Photo Archives Le Soleil

Louise Leduc
La Presse

La publication sur l'internet des salaires des chefs autochtones, en cours depuis quelques jours sur le site du ministère canadien des Affaires autochtones, met en lumière les disparités de rémunération d'une communauté à l'autre.

En honoraires et en frais de déplacement, Konrad Sioui, grand chef de la nation huronne-wendat de Wendake, près de Québec, a obtenu 106 653$ pour l'exercice se terminant le 31 mars 2014, avec un salaire de base (75 000$) trois fois plus élevé que les neuf autres chefs de son conseil. Selon le secrétariat québécois aux Affaires autochtones, Wendake compte 1494 résidants et 2351 non-résidants.

M. Sioui gagne ainsi davantage que Michael Delisle, grand chef mohawk de Kahnawake, une communauté qui compte 7745 résidants et 2591 non-résidants. Lors du dernier exercice, M. Delisle a gagné un peu plus de 103 000$.

Gilbert Whiteduck, chef algonquin de Kitigan Zibi Anishinabeg, près de Maniwaki, a pour sa part touché un total de 87 628$ lors du dernier exercice, pour une population de 1593 résidants et 1428 non-résidants, soit 30 000$ de plus que celui qui vient au deuxième rang des personnes les mieux rémunérées de son conseil.

Kanesatake

Du côté de Kanesatake (qui compte 1383 résidants et 938 non-résidants), on note une moins grande disparité entre les salaires des différents chefs. Le grand chef Serge Simon a déclaré une rémunération totale de 49 398$, et les six chefs de son conseil gagnent entre 33 799$ et 37 504$.

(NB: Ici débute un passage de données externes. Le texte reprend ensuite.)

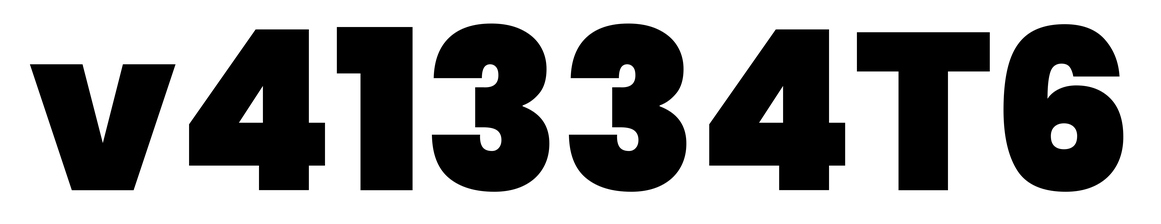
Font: Poppins-Black

La divulgation des salaires des chefs autochtones, publiés au fur et à mesure que les données sont traitées au ministère canadien des Affaires autochtones, suscite beaucoup de réactions depuis quelques jours.

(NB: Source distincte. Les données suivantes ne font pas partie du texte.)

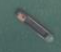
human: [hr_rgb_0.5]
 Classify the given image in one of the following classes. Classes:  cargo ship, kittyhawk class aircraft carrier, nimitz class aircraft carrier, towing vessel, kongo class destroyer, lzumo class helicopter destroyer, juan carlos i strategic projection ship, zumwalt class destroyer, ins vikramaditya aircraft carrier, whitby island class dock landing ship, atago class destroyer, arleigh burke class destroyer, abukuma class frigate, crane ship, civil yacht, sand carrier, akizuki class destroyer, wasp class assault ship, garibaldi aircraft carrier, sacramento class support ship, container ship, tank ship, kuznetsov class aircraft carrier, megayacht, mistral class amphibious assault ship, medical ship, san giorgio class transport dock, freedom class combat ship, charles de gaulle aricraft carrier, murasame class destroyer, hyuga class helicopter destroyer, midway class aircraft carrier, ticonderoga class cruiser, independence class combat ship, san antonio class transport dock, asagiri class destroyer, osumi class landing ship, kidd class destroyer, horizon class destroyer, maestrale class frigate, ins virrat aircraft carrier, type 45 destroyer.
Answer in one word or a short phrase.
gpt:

Avant que son salaire ne soit connu, le grand chef Sioui (qui est en vacances cette semaine) a déclaré au Journal de Québec, il y a quelques jours, qu'il trouvait insultant de devoir rendre des comptes aux contribuables canadiens. «La vérité, c'est que je n'ai rien à foutre de ça. Moi, je rends des comptes à mon peuple et à ma nation», a-t-il déclaré, en évoquant un salaire de 75 000$.

Description de tâches

Les comparaisons qui sont établies entre différents élus autochtones et non autochtones depuis quelques jours ont amené la section québécoise de l'Assemblée des Premières Nations à publier un communiqué invitant chacun à la prudence.

«Un chef doit veiller à des tâches politiques, administratives, économiques, représentatives, sanitaires, sociales et bien d'autres. Il n'est pas rare qu'un chef soit aussi le négociateur et l'administrateur. La tâche est colossale et incomparable.»

La Canadian Taxpayers Federation, qui milite depuis 2009 pour la divulgation des salaires des chefs autochtones, se réjouit quant à elle du processus en cours.

«Bravo au gouvernement Harper pour son écoute», est-il écrit sur le site internet de l'organisme.

Depuis le début de l'exercice, c'est un chef de la Colombie-Britannique, Ron Giesbrecht, qui remporte la palme. Il a perçu l'an dernier près de 1 million de dollars, alors que la nation Kwikwetlem compte moins de 100 résidants.